Evaluate Fusion MCP Search Index

When to use

Use this skill to evaluate whether Fusion MCP search returns accurate, relevant results for documented framework patterns.

Typical triggers:

eval core — evaluate all patterns in eval/index/core.md
eval http-services — evaluate patterns in eval/index/http-services.md
eval all — evaluate every domain file in eval/index/
"check MCP index accuracy for auth patterns"
"validate search recall for the state-data domain"
"how well does the index cover framework initialization?"
"run an eval pass against the index"

When not to use

Do not use this skill for:

Writing or populating domain pattern files (use normal editing workflow)
Creating new domain files in eval/index/ (follow the README template)
CI/CD integration or scheduled evaluation runs (future phase)
Batch automation without human review (future phase)
Searching the index for application development answers (use Fusion MCP directly)

Required inputs

Collect before execution:

Domain target: a specific domain file name (e.g., core, http-services) or all
Evaluation strictness (optional): strict (must patterns only) or full (must + should); default is full

If the user says only eval with no domain, ask which domain to evaluate or whether to run all.

Instructions

Step 1 — Resolve domain files

If the target is a specific domain (e.g., core), read eval/index/<domain>.md
If the target is all, list all .md files in eval/index/ except README.md and process each one sequentially
If the file does not exist or has no ## query sections, report it as empty and skip

Step 2 — Parse the domain file

Domain files have a simple structure:

# Domain Name — the domain heading
Paragraph below # — judgement instructions for how to evaluate results across all queries in this domain
## <query> — each ## heading is a search query to run against MCP
- must ... / - should ... — expectations for each query's results

Extract the judgement instructions once (use them as context when evaluating every query). Then build a list of queries, each with its must and should expectations.

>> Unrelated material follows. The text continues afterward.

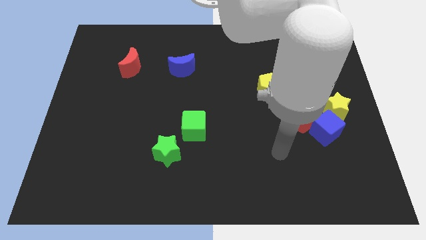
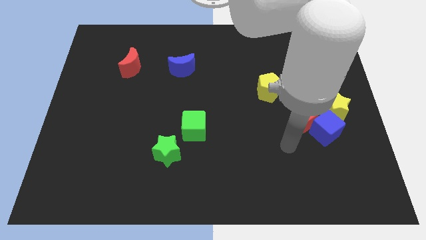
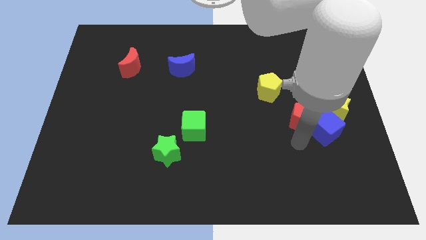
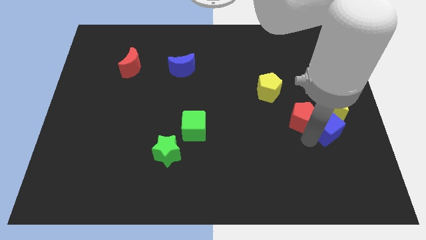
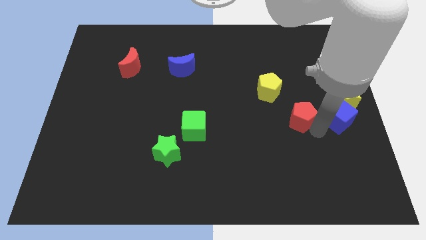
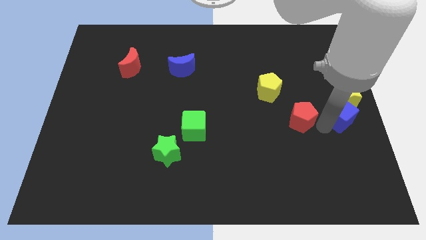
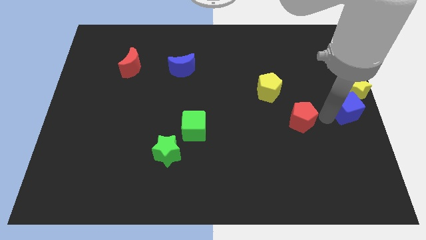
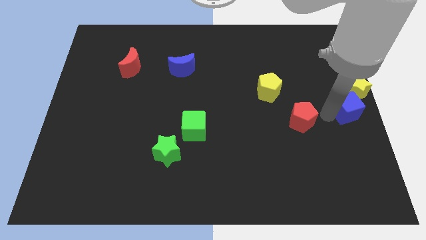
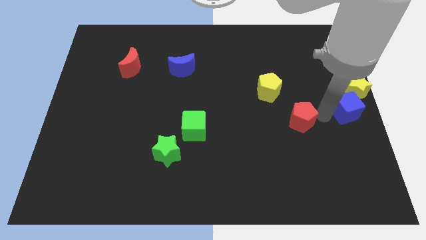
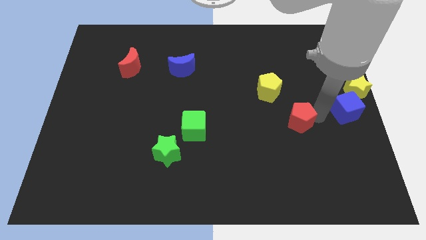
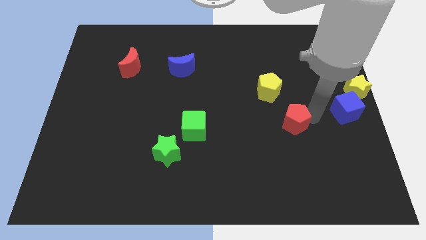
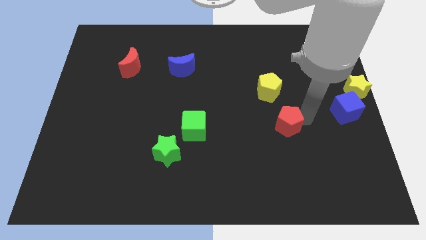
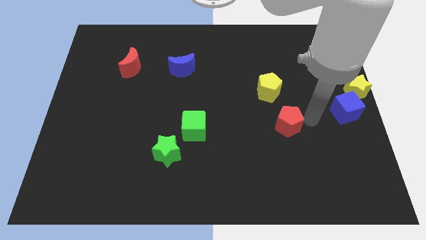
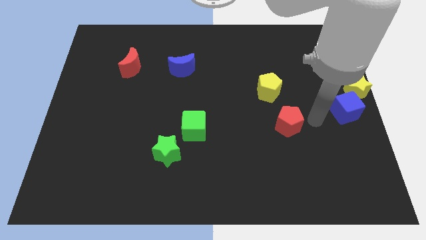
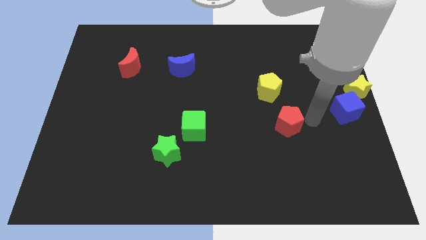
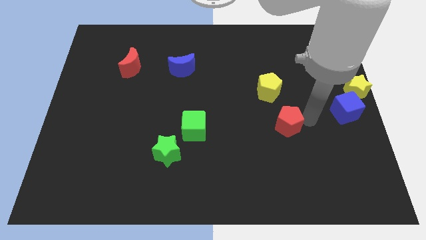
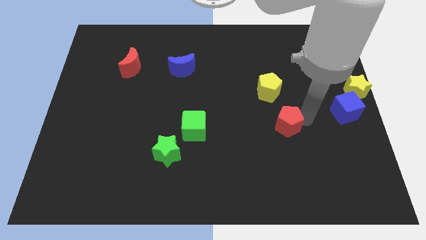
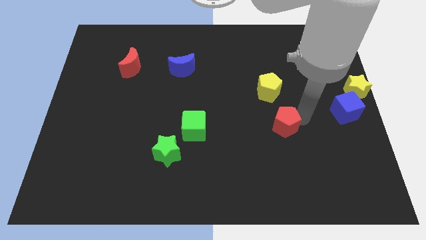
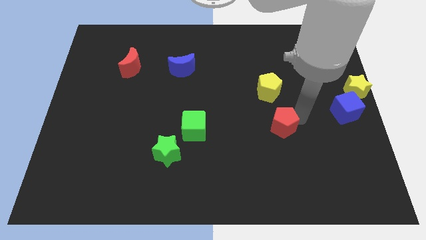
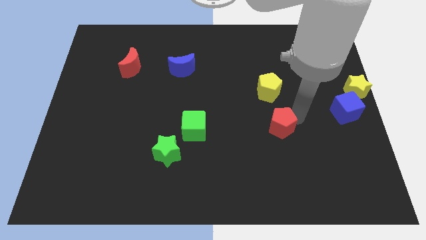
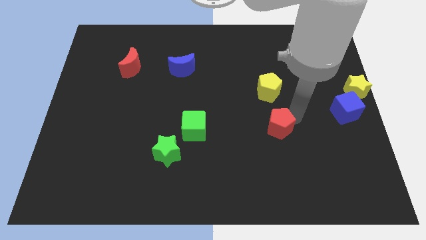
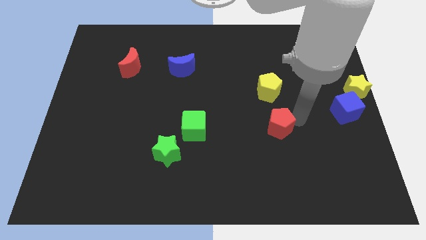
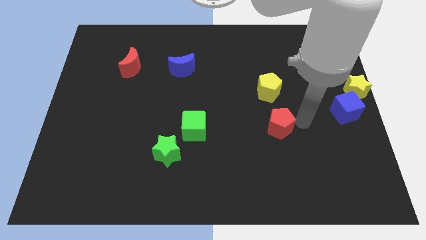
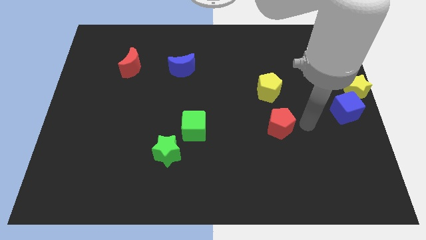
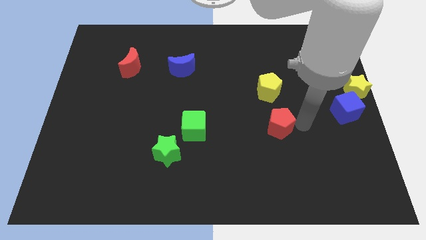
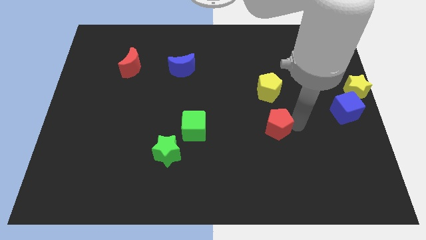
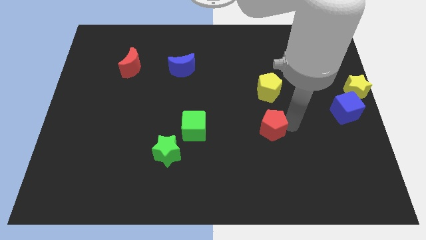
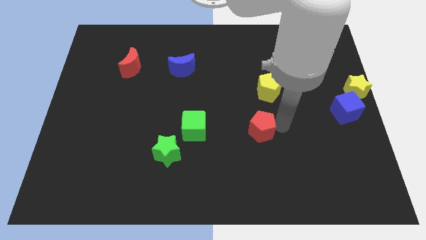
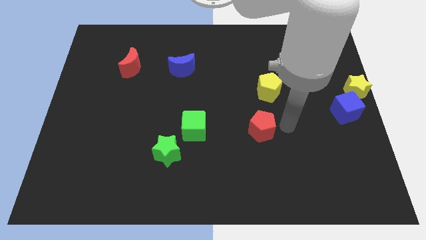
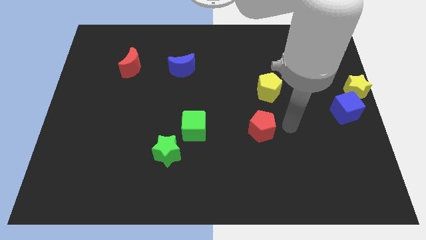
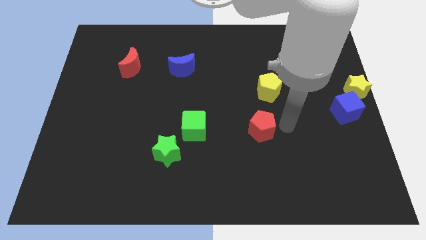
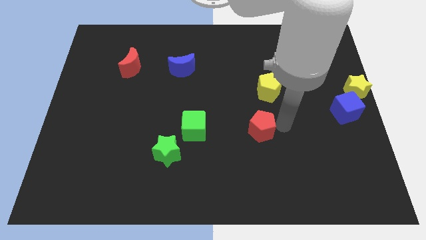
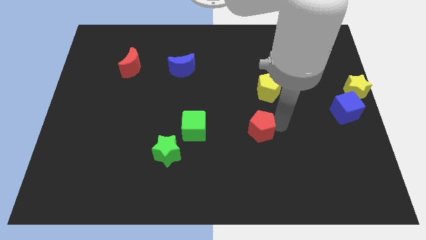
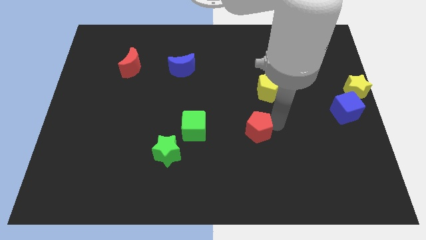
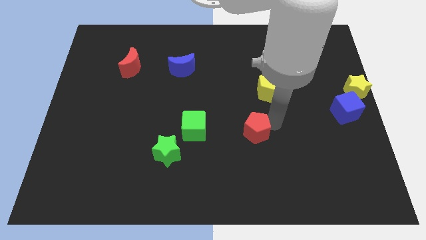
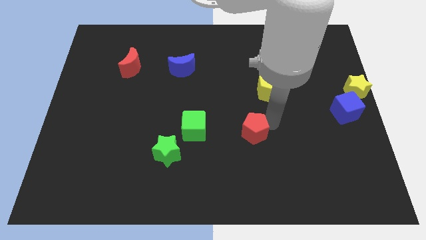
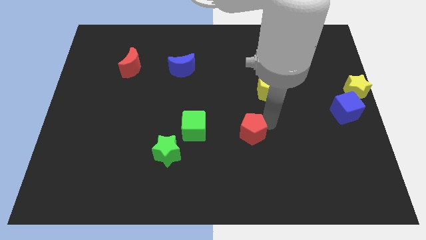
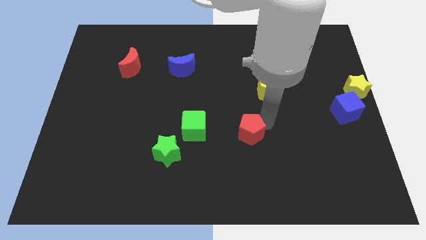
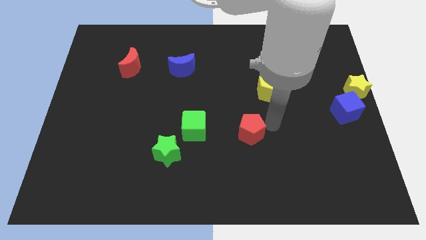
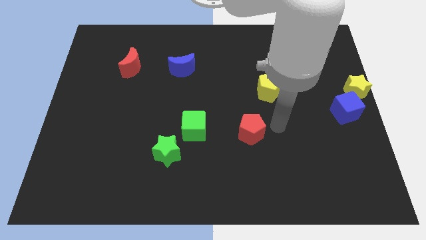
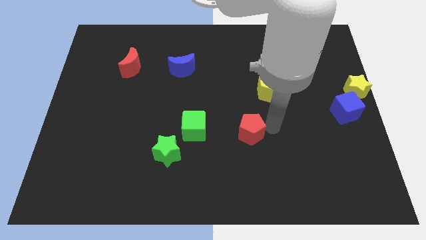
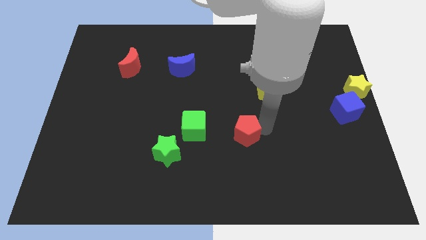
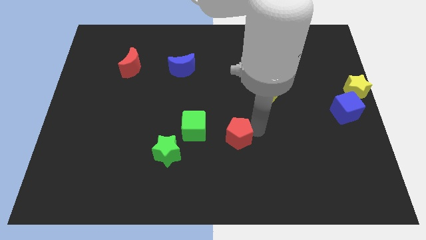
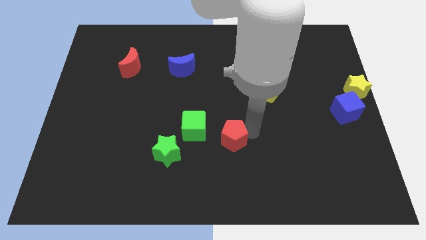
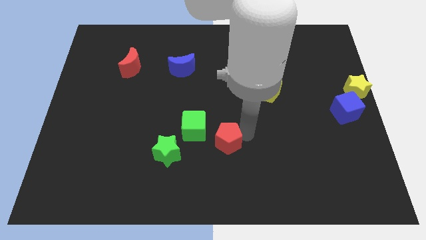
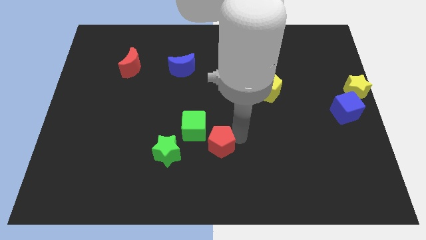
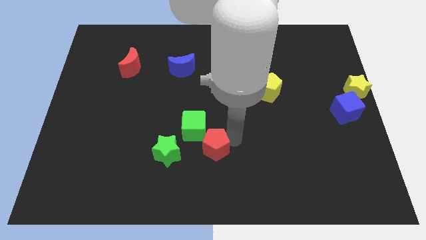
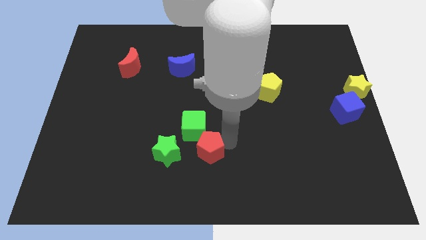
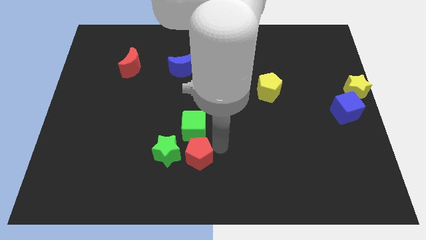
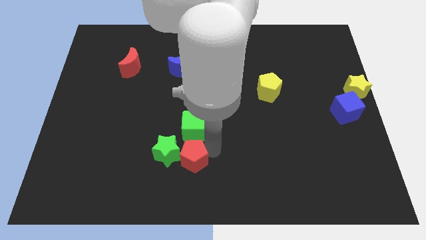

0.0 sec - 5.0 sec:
push the red pentagon next to the green star

Step 3 — Evaluate each query via judge sub-agent

For each ## heading, spin up a query-judge sub-agent (see agents/query-judge.md). Pass it:

The heading text (search query)
The must and should bullets for that query
The domain-level judgement instructions

The judge sub-agent will:

Search MCP using the heading text
Check results against each expectation
Return a verdict (pass / partial / fail) with counts and explanation

If the runtime does not support sub-agents, follow the same workflow inline:

Use the heading text as the search query
Call mcp_fusion_search_framework (preferred) or mcp_fusion_search
Check results against each must / should bullet
Record verdict with explanation

Collect all verdicts before producing the report.

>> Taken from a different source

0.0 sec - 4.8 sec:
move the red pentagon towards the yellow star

Step 4 — Generate the evaluation report

Produce a report following the template in assets/report-template.md. The report includes:

Header: domain name, evaluation date, strictness level
Pattern results table: one row per pattern with name, requirement, verdict, and explanation
Summary statistics: total patterns, pass/partial/fail counts, pass rate
Recommendations: actionable next steps for failed or partial patterns

Step 5 — Present results

Print the full report to the conversation
For eval all, present a per-domain summary first, then offer to show detailed results for any domain
Highlight must failures prominently — these indicate critical index gaps
Suggest concrete remediation for each failure (e.g., "re-index package X", "add documentation for Y")

Expected output

A structured evaluation report containing:

Per-pattern pass/partial/fail verdicts with explanations
Summary statistics (total, pass rate, must vs should breakdown)
Prioritized recommendations for improving index coverage
Clear identification of stale or missing content

Example: `eval core`

User: eval core

Workflow:

Read eval/index/core.md
Note judgement instructions: "Results should reference @equinor/fusion-framework and @equinor/fusion-framework-module..."
Extract 5 queries from ## headings
For each, search MCP and check must/should bullets
Produce report:

## Evaluation Report: core

Date: 2026-03-14
Strictness: full
Domain: eval/index/core.md

| # | Query | Verdict | Explanation |
|---|-------|---------|-------------|
| 1 | How to initialize Fusion Framework | pass | Results mention FrameworkConfigurator, init, configureMsal |
| 2 | How to create a custom module | pass | Module interface, BaseConfigBuilder, BaseModuleProvider all covered |
| 3 | Module lifecycle phases | partial | Lifecycle order shown but postConfigure/postInitialize hooks not detailed |
| 4 | How to configure an app with AppModuleInitiator | fail | No results reference AppModuleInitiator |
| 5 | How to listen to framework events | pass | addEventListener, dispatchEvent, event module all returned |

### Summary
- Queries: 5 | Pass: 3 | Partial: 1 | Fail: 1
- Must expectations met: 14/17 (82%)

### Recommendations
1. **[CRITICAL]** Query 4: Re-index `packages/app/src/types.ts` and `cookbooks/app-react/src/config.ts`
2. **[IMPROVE]** Query 3: Enrich lifecycle section in `packages/modules/module/README.md`

Safety & constraints

This skill is read-only with respect to the repository — it never modifies domain files or index content
MCP search calls are read-only queries; no mutations are performed
Do not fabricate pass verdicts — if results are ambiguous, mark as partial with explanation
If MCP is unavailable or rate-limited, report the failure clearly and stop; do not retry in a loop
Evaluation results reflect index state at query time; they are not cached across sessions

custom-index-eval